On December 9, 2012, TV Line announced the casting of Brighton Sharbino as 10-year-old Abby Sciuto.

The episode marks the 50th episode for director Smith, who directed his first episode back in 2003, the season 1 episode "High Seas".

==Reception==
"Hit and Run" was seen by 22.07 million live viewers following its broadcast on January 29, 2013, with a 3.8/10 share among adults aged 18 to 49. A rating point represents one percent of the total number of television sets in American households, and a share means the percentage of television sets in use tuned to the program. In total viewers, "Hit and Run" easily won NCIS and CBS the night. The spin-off NCIS: Los Angeles drew second and was seen by 17.30 million viewers. Compared to the last episode "Shiva", "Hit and Run" was down in both viewers and adults 18–49.
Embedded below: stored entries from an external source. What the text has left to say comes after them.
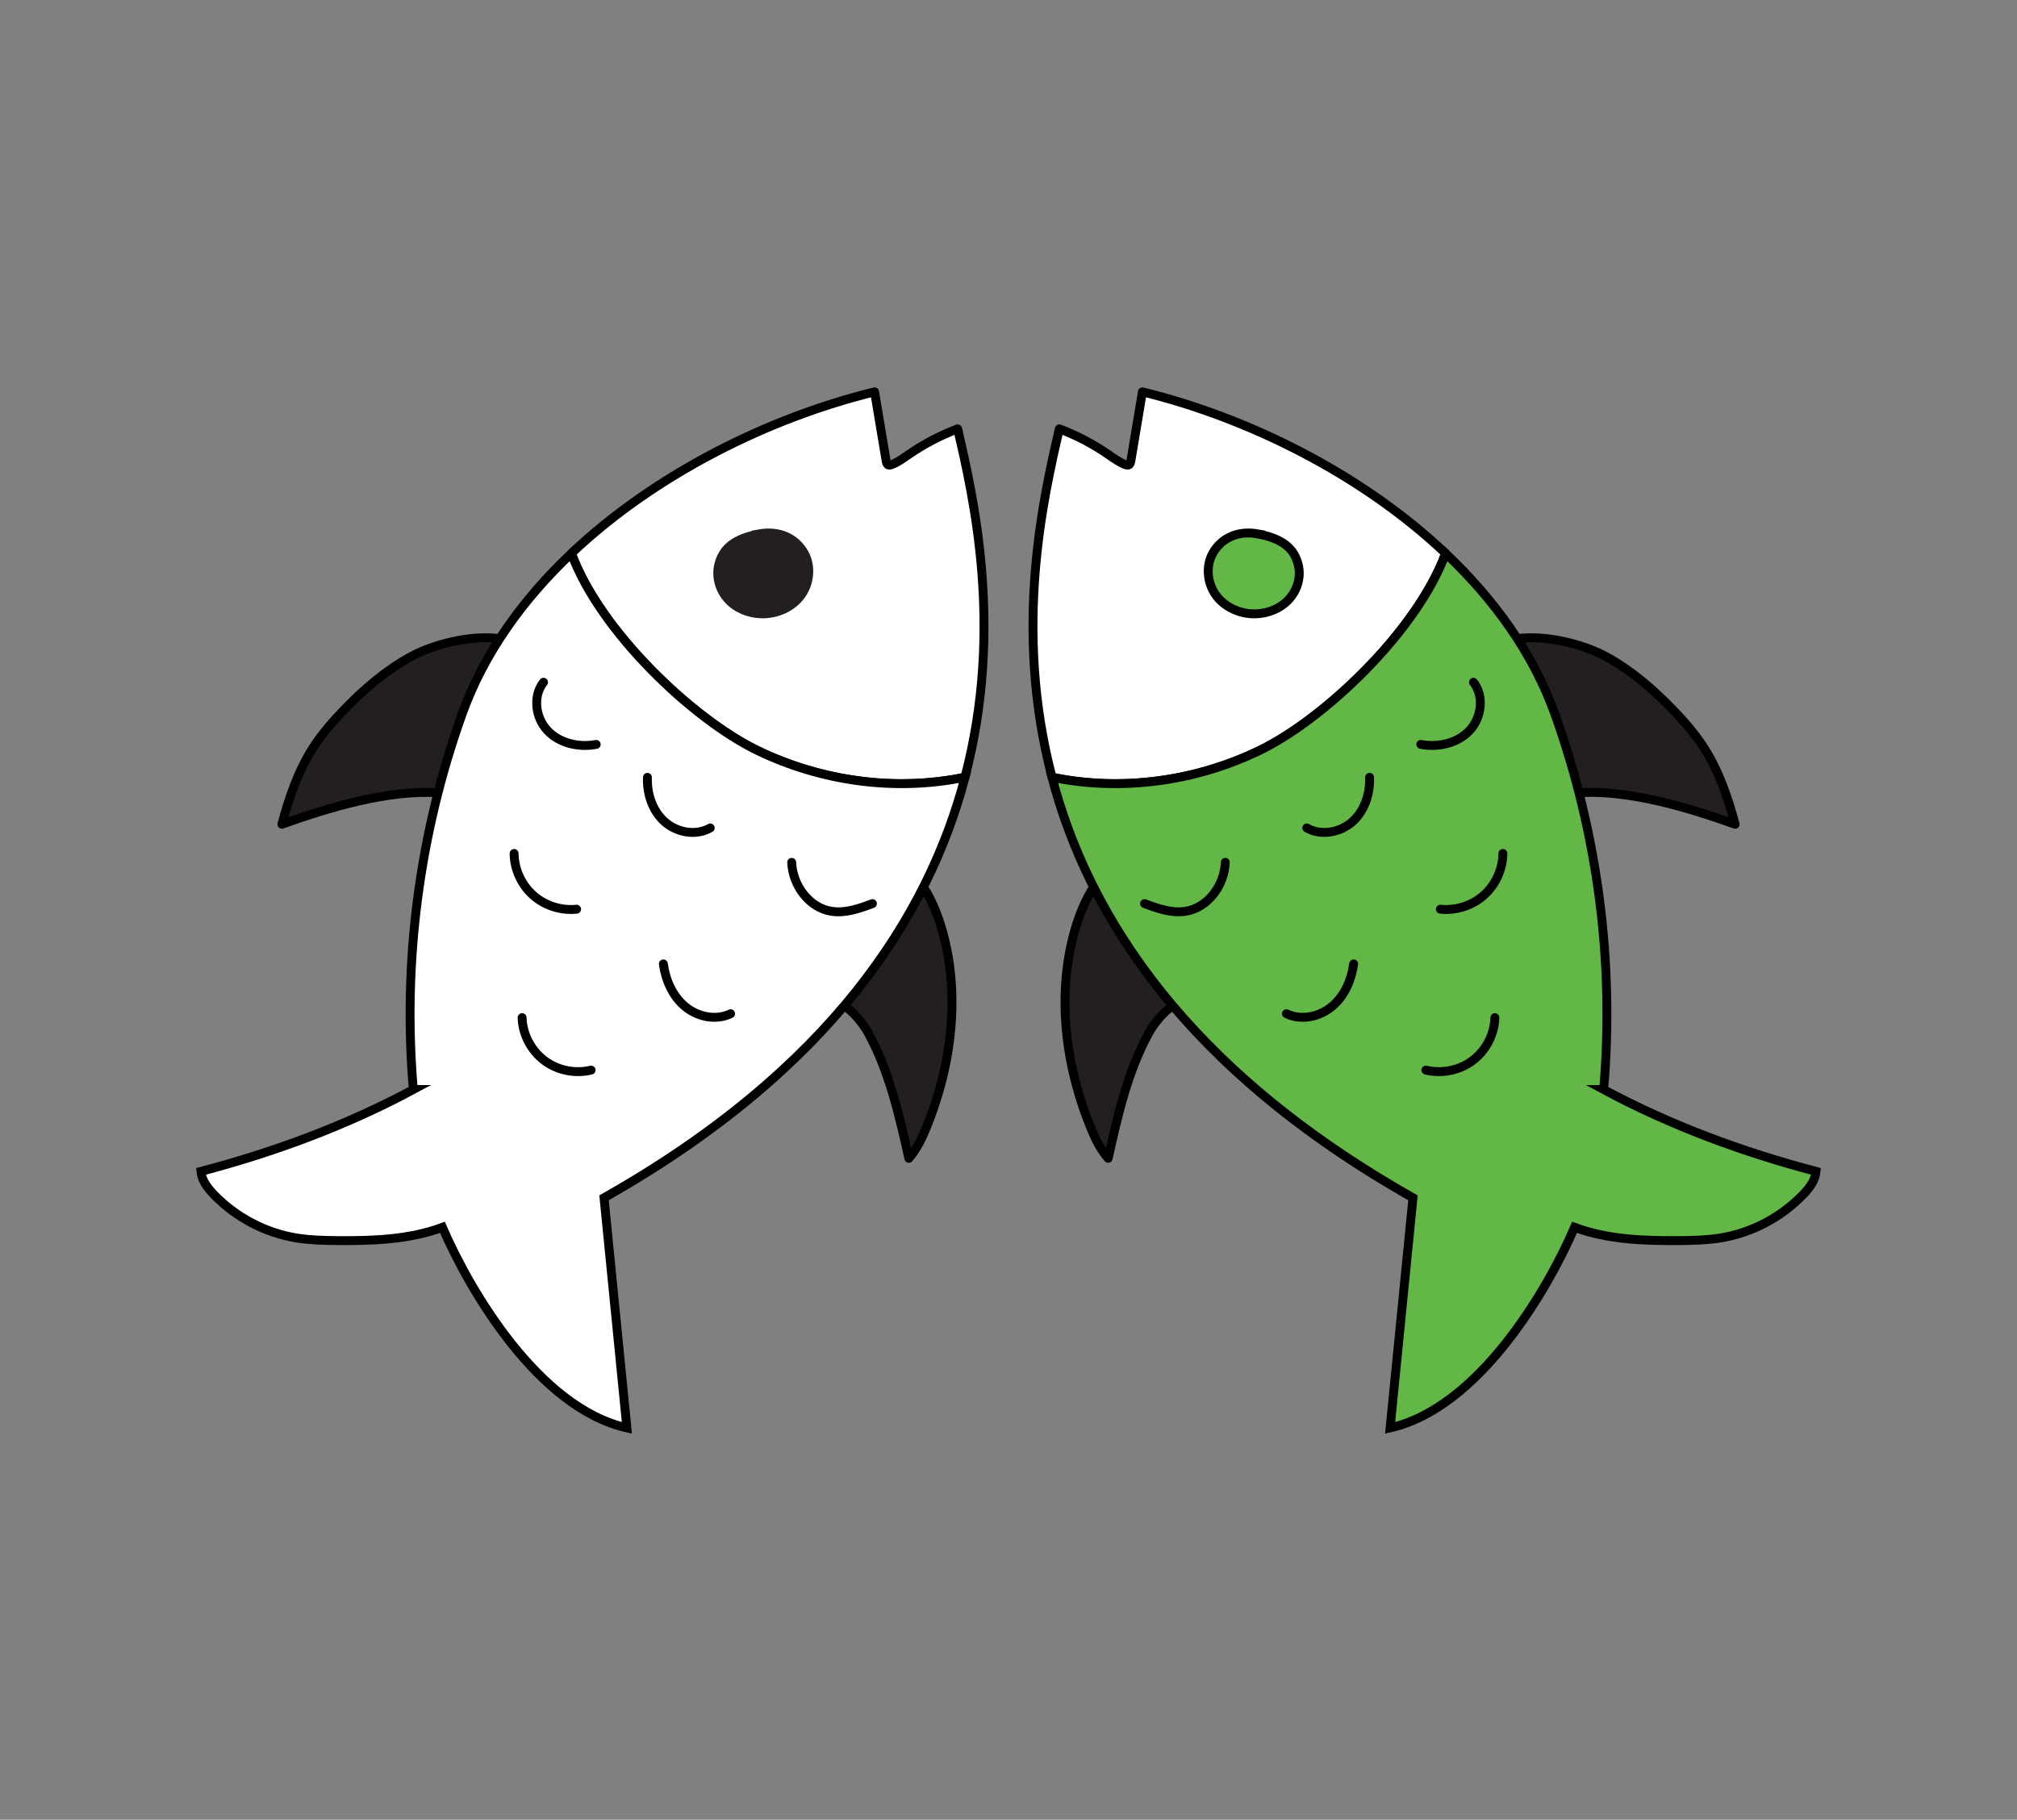 <?xml version="1.0" encoding="UTF-8"?>
<svg id="Layer_1" xmlns="http://www.w3.org/2000/svg" version="1.1" viewBox="0 0 226.77 204.61">
  <rect x="0" y="0" width="226.77" height="204.61" fill="#808080" stroke="none"/>
  <!-- Generator: Adobe Illustrator 29.3.1, SVG Export Plug-In . SVG Version: 2.1.0 Build 151)  -->
  <defs>
    <style>
      .st0 {
        stroke: #231f20;
      }

      .st0, .st1, .st2, .st3 {
        stroke-linecap: round;
      }

      .st0, .st4, .st5 {
        stroke-miterlimit: 10;
      }

      .st0, .st3 {
        fill: #231f20;
      }

      .st1, .st2, .st4, .st5, .st3 {
        stroke: #000;
      }

      .st1, .st2, .st3 {
        stroke-linejoin: round;
      }

      .st1, .st4 {
        fill: #fff;
      }

      .st2 {
        fill: none;
      }

      .st5 {
        fill: #62b746;
      }
    </style>
  </defs>
  <g>
    <path class="st3" d="M56.17,71.81c-3.05-.43-7.32.54-10.1,2.09-2.79,1.55-5.22,3.65-7.43,5.95-1.23,1.28-2.41,2.63-3.38,4.12-1.72,2.64-2.75,5.67-3.57,8.71,5.36-1.91,11.87-3.88,17.55-3.55"/>
    <path class="st3" d="M103.81,99.74c.71,1.03,1.4,2.65,1.75,3.67,2.52,7.47,1.62,15.8-1.31,23.12-.53,1.32-1.13,2.64-2.07,3.71-1.08-4.85-2.2-9.77-4.58-14.12-.53-.97-1.73-2.48-2.7-3.01"/>
    <path class="st1" d="M85.16,84.38c-7.2-3.48-17.69-13.37-20.92-22.16,9.5-8.99,22.32-15.29,34.09-18.16.43,2.59.87,5.18,1.3,7.77.03.18.08.39.26.45.11.04.23,0,.33-.03.71-.26,1.32-.72,1.95-1.15,1.71-1.18,3.56-2.15,5.5-2.88,1.72,7.47,5.24,22.37.82,39.17-7.81,1.62-16.15.47-23.34-3.01Z"/>
    <path class="st4" d="M46.47,122.5c-1.23-14.27.67-28.8,5.51-42.28,2.44-6.79,6.81-12.84,12.26-18,3.23,8.8,13.71,18.68,20.92,22.16,7.19,3.48,15.52,4.63,23.34,3.01-4.1,15.59-15.03,32.83-40.59,47.29.86,8.62,1.71,17.25,2.57,25.87-9.94-2.25-17.65-15.4-20.74-22.55-3.73,1.38-7.78,1.52-11.75,1.49-1.55-.01-3.11-.05-4.63-.29-3.52-.57-6.84-2.32-9.32-4.89-.7-.73-1.36-1.59-1.45-2.6,8.25-2.17,16.38-5.17,23.89-9.21Z"/>
    <path class="st0" d="M85.25,60.04c2.58-.48,4.31.66,5.15,2.13.84,1.46.65,3.41-.35,4.77-1,1.36-2.72,2.11-4.4,2.08-1.41-.02-2.84-.59-3.79-1.63-.96-1.04-1.4-2.57-1.04-3.93s1.23-2.8,4.44-3.4Z"/>
    <path class="st2" d="M98.09,101.6c-1.47.55-3.02,1.1-4.57.87-2.55-.37-4.41-2.93-4.51-5.51"/>
    <path class="st2" d="M79.85,93.09c-1.6.92-3.75.53-5.13-.7s-2-3.15-1.93-4.99"/>
    <path class="st2" d="M67.03,83.7c-1.95.37-4.12-.12-5.48-1.56s-1.67-3.88-.44-5.43"/>
    <path class="st2" d="M82.14,113.98c-1.65.8-3.72.36-5.13-.82s-2.18-2.97-2.43-4.78"/>
    <path class="st2" d="M64.83,102.23c-1.76.18-3.58-.4-4.9-1.58s-2.11-2.92-2.13-4.69"/>
    <path class="st2" d="M66.46,120.32c-1.81.44-3.81.03-5.29-1.1s-2.42-2.94-2.47-4.8"/>
  </g>
  <path class="st3" d="M170.6,71.81c3.05-.43,7.32.54,10.1,2.09,2.79,1.55,5.22,3.65,7.43,5.95,1.23,1.28,2.41,2.63,3.38,4.12,1.72,2.64,2.75,5.67,3.57,8.71-5.36-1.91-11.87-3.88-17.55-3.55"/>
  <path class="st3" d="M122.96,99.74c-.71,1.03-1.4,2.65-1.75,3.67-2.52,7.47-1.62,15.8,1.31,23.12.53,1.32,1.13,2.64,2.07,3.71,1.08-4.85,2.2-9.77,4.58-14.12.53-.97,1.73-2.48,2.7-3.01"/>
  <path class="st1" d="M141.61,84.38c7.2-3.48,17.69-13.37,20.92-22.16-9.5-8.99-22.32-15.29-34.09-18.16-.43,2.59-.87,5.18-1.3,7.77-.03.18-.08.39-.26.45-.11.04-.23,0-.33-.03-.71-.26-1.32-.72-1.95-1.15-1.71-1.18-3.56-2.15-5.5-2.88-1.72,7.47-5.24,22.37-.82,39.17,7.81,1.62,16.15.47,23.34-3.01Z"/>
  <path class="st5" d="M180.3,122.5c1.23-14.27-.67-28.8-5.51-42.28-2.44-6.79-6.81-12.84-12.26-18-3.23,8.8-13.71,18.68-20.92,22.16-7.19,3.48-15.52,4.63-23.34,3.01,4.1,15.59,15.03,32.83,40.59,47.29-.86,8.62-1.71,17.25-2.57,25.87,9.94-2.25,17.65-15.4,20.74-22.55,3.73,1.38,7.78,1.52,11.75,1.49,1.55-.01,3.11-.05,4.63-.29,3.52-.57,6.84-2.32,9.32-4.89.7-.73,1.36-1.59,1.45-2.6-8.25-2.17-16.38-5.17-23.89-9.21Z"/>
  <path class="st5" d="M141.52,60.04c-2.58-.48-4.31.66-5.15,2.13-.84,1.46-.65,3.41.35,4.77s2.72,2.11,4.4,2.08c1.41-.02,2.84-.59,3.79-1.63.96-1.04,1.4-2.57,1.04-3.93s-1.23-2.8-4.44-3.4Z"/>
  <path class="st2" d="M128.68,101.6c1.47.55,3.02,1.1,4.57.87,2.55-.37,4.41-2.93,4.51-5.51"/>
  <path class="st2" d="M146.92,93.09c1.6.92,3.75.53,5.13-.7s2-3.15,1.93-4.99"/>
  <path class="st2" d="M159.74,83.7c1.95.37,4.12-.12,5.48-1.56s1.67-3.88.44-5.43"/>
  <path class="st2" d="M144.63,113.98c1.65.8,3.72.36,5.13-.82s2.18-2.97,2.43-4.78"/>
  <path class="st2" d="M161.94,102.23c1.76.18,3.58-.4,4.9-1.58s2.11-2.92,2.13-4.69"/>
  <path class="st2" d="M160.31,120.32c1.81.44,3.81.03,5.29-1.1s2.42-2.94,2.47-4.8"/>
</svg>

Douglas Wolfe from TV Fanatic gave the episode 5 (out of 5) and stated that "This episode was poignant and touching, as it revealed some of Abby's sad back story in a memory from what she considered her first "case". I was amazed at the subtle and careful scene between Gibbs and Abby at the end." The casting of Brighton Sharbino was praised for both her performance and her strong physical resemblance to Pauley Perrette. During a Round Table Q&A for the episode, Steve Marsi from TV Fanatic said, "The link between the present case and the flashbacks felt a bit weak to me. I mean that beyond just the windshield crack; I kept waiting for a stronger link between the two that never came," but added that, "I was most moved by Abby's fear that she isn't good enough, her desire to help people - from her childhood to the present day where she spends time with senior citizens outside of work - and struggling to come to grips with the fact that you can't always win." Eric Hochberger remarked, "I'll say again (and any regular reader of our Round Tables knows this) how much I love Abby and Pauley's portrayal of her. Sometimes it feels like present Abby acted a bit too much like her childhood self. Linking past and present is one thing, and of course, some things are going to really strike a chord. But I felt like she should have progressed more, if that makes any sense."